- PROBLEM STATEMENT: Without any pictures, output the records exactly as they are.

= = = = =

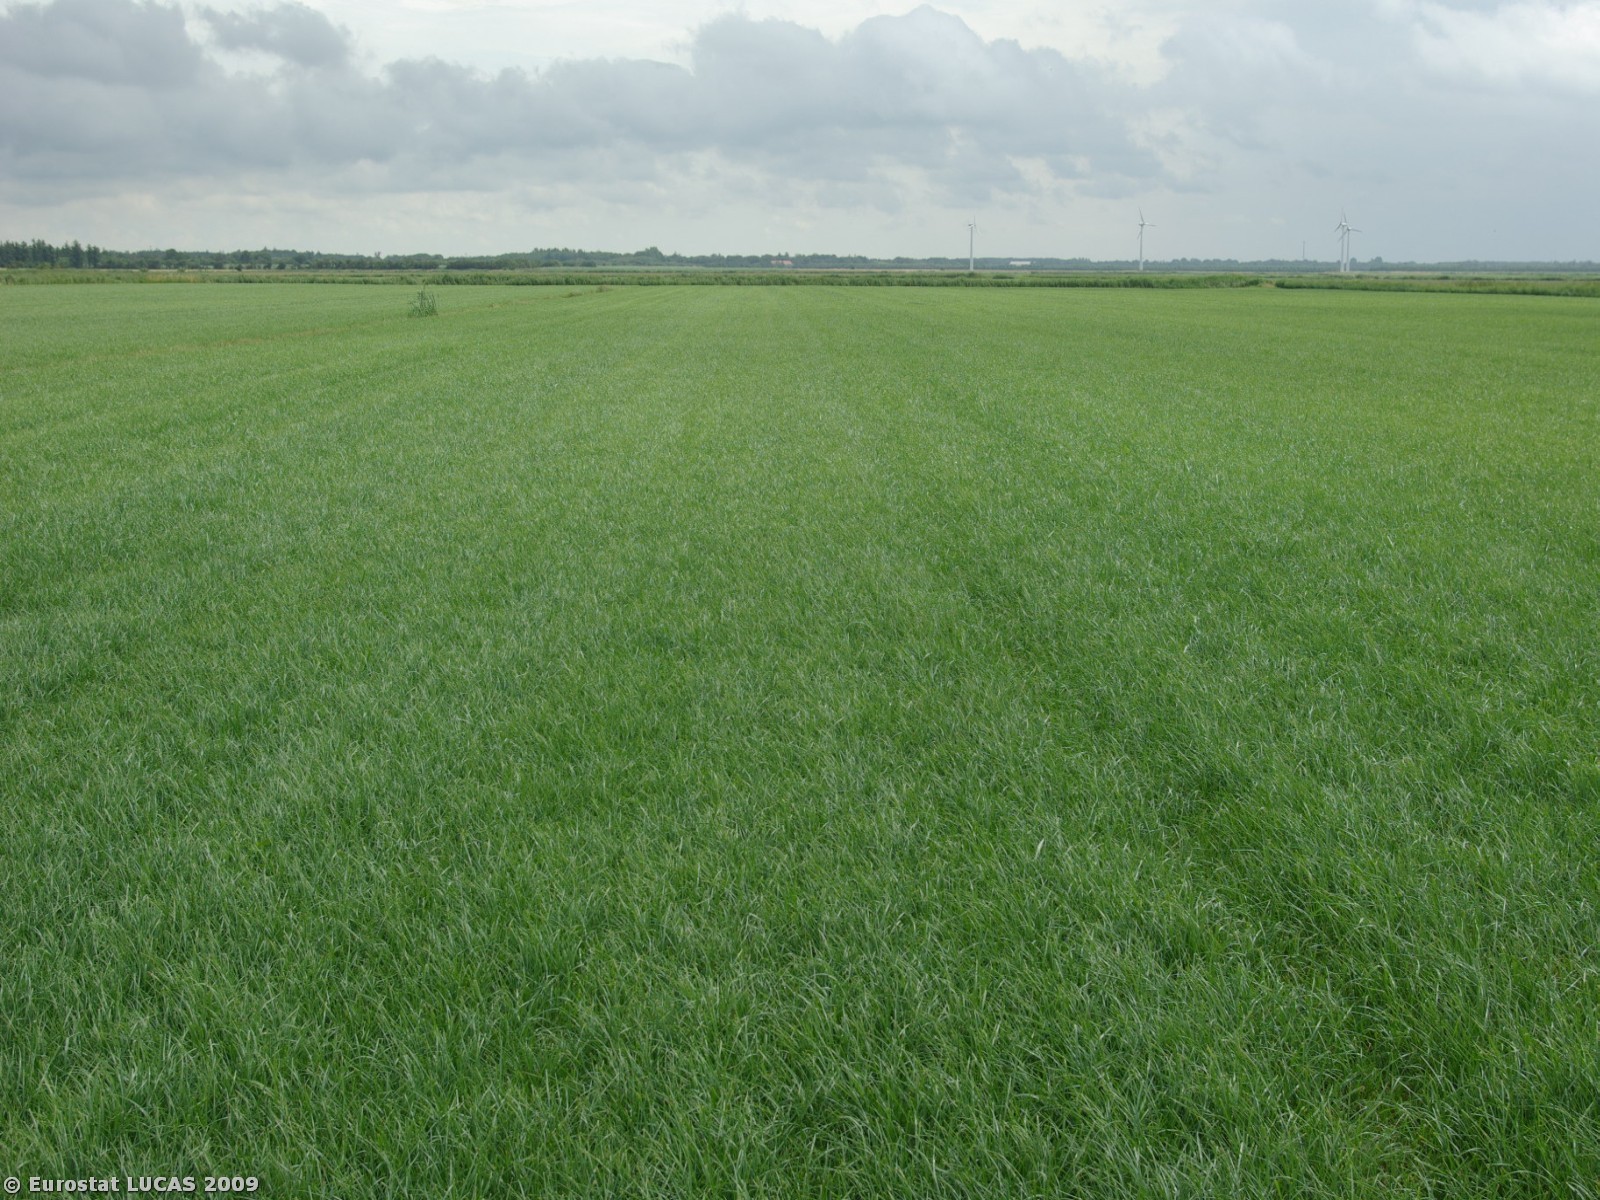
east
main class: Cropland
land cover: Temporary grasslands
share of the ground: > 75 %
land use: Agriculture (excluding fallow land and kitchen gardens)
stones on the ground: < 10 %
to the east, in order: Temporary grasslands; Ditches and canals; Grass margins; Temporary grasslands
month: July
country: DK
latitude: 55.2819
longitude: 8.6629
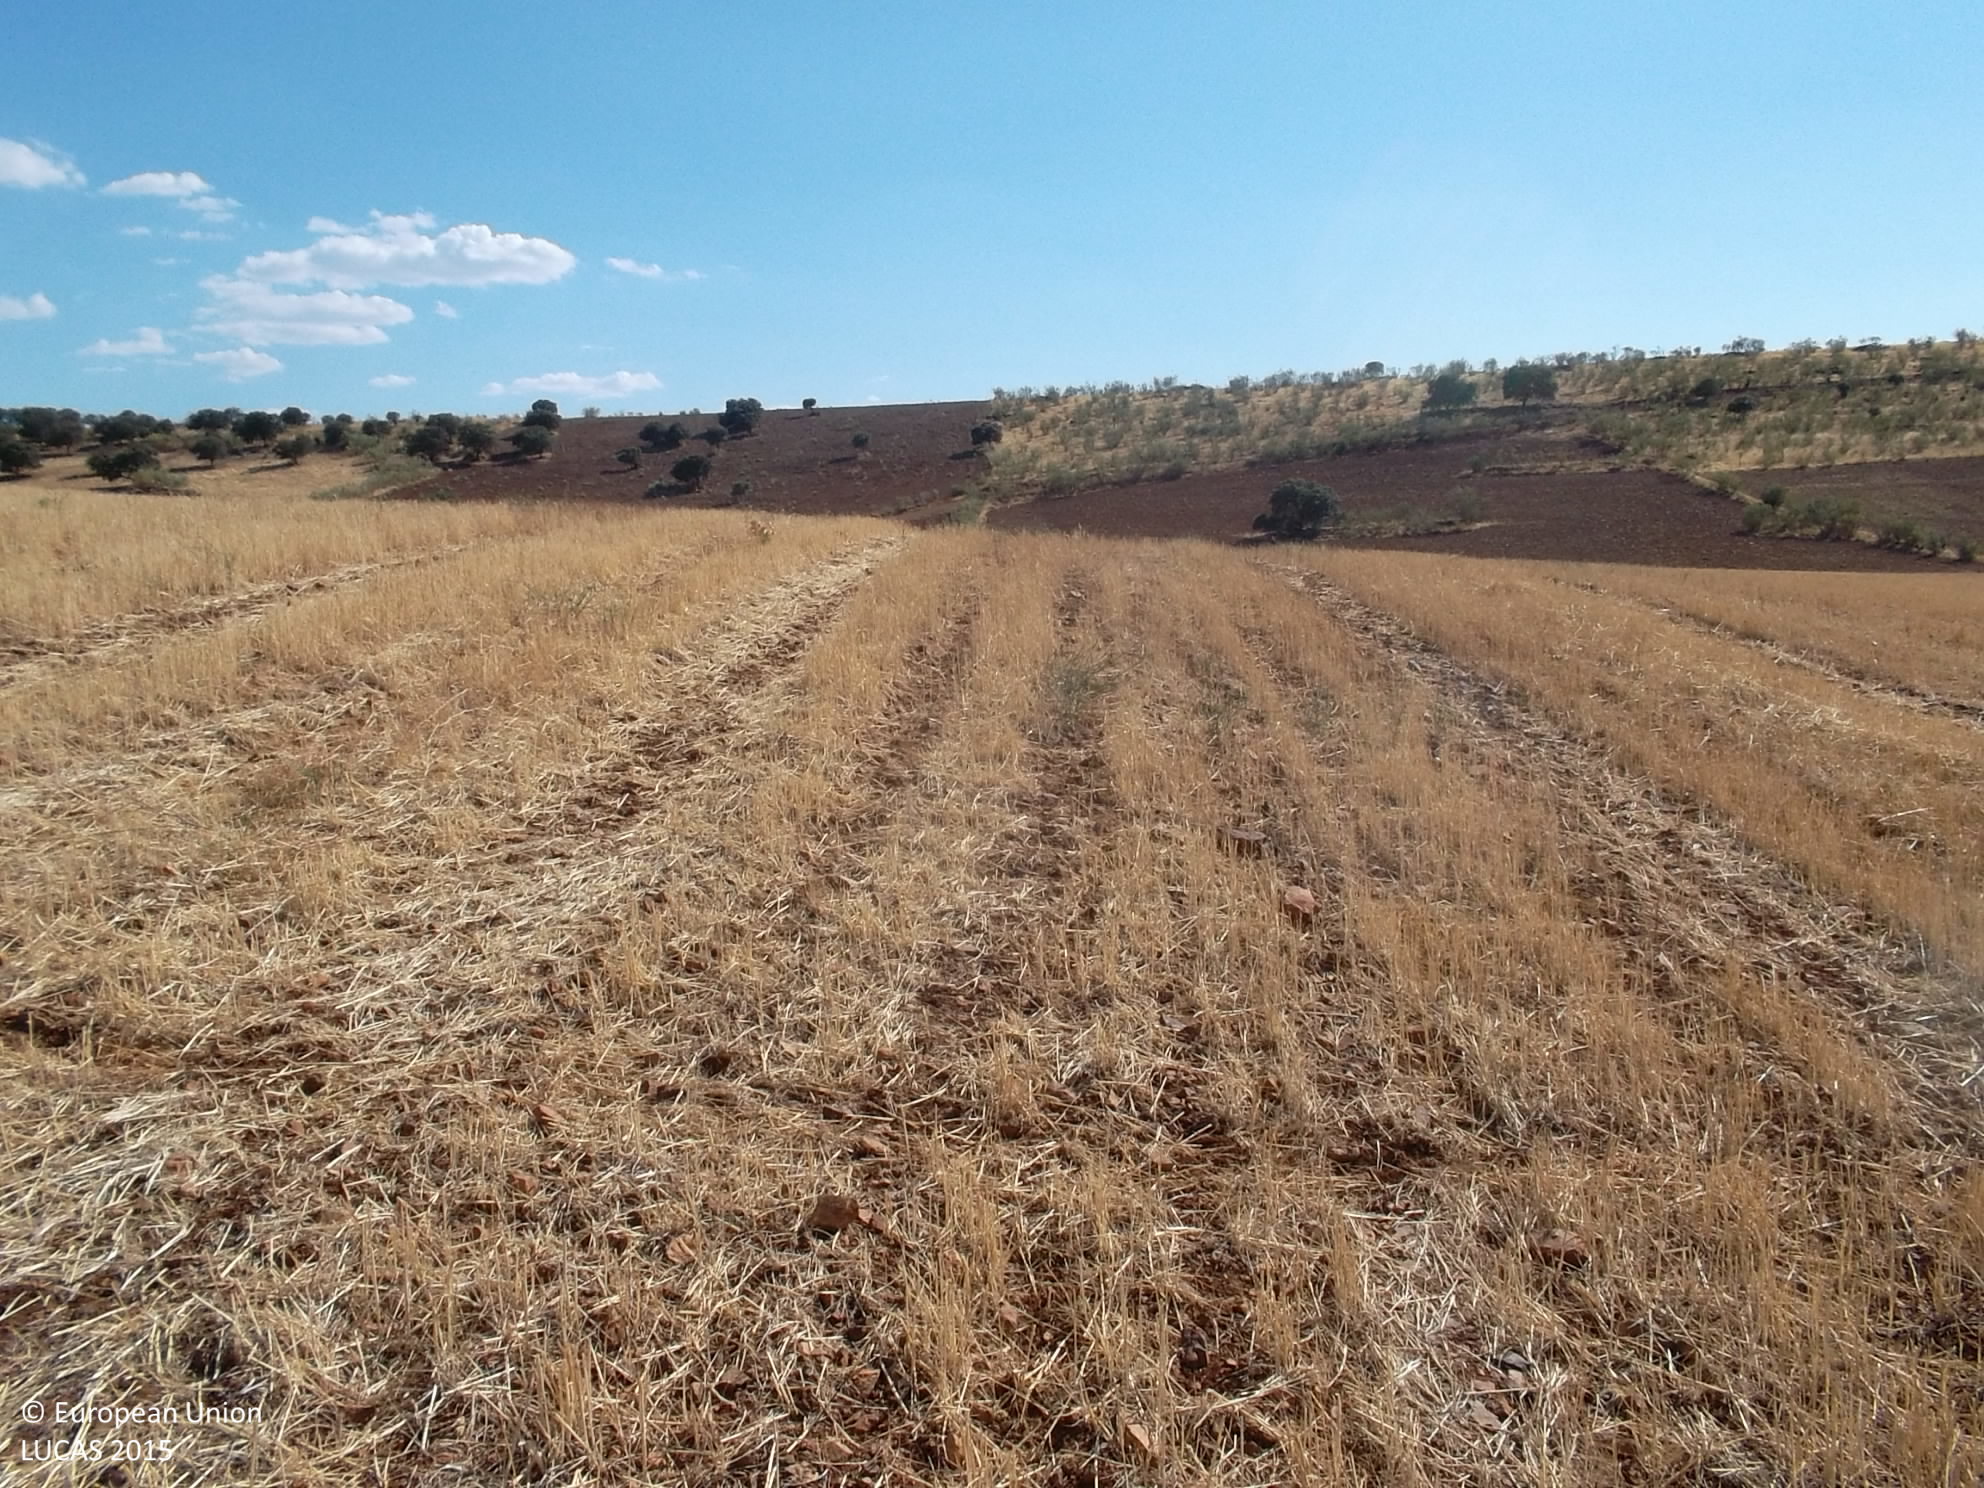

= = = = =

- YOUR RESPONSE:
east
main class: Cropland
land cover: Temporary grasslands
share of the ground: > 75 %
land use: Agriculture (excluding fallow land and kitchen gardens)
stones on the ground: < 10 %
to the east, in order: Temporary grasslands; Ditches and canals; Grass margins; Temporary grasslands
month: July
country: DK
latitude: 55.2819
longitude: 8.6629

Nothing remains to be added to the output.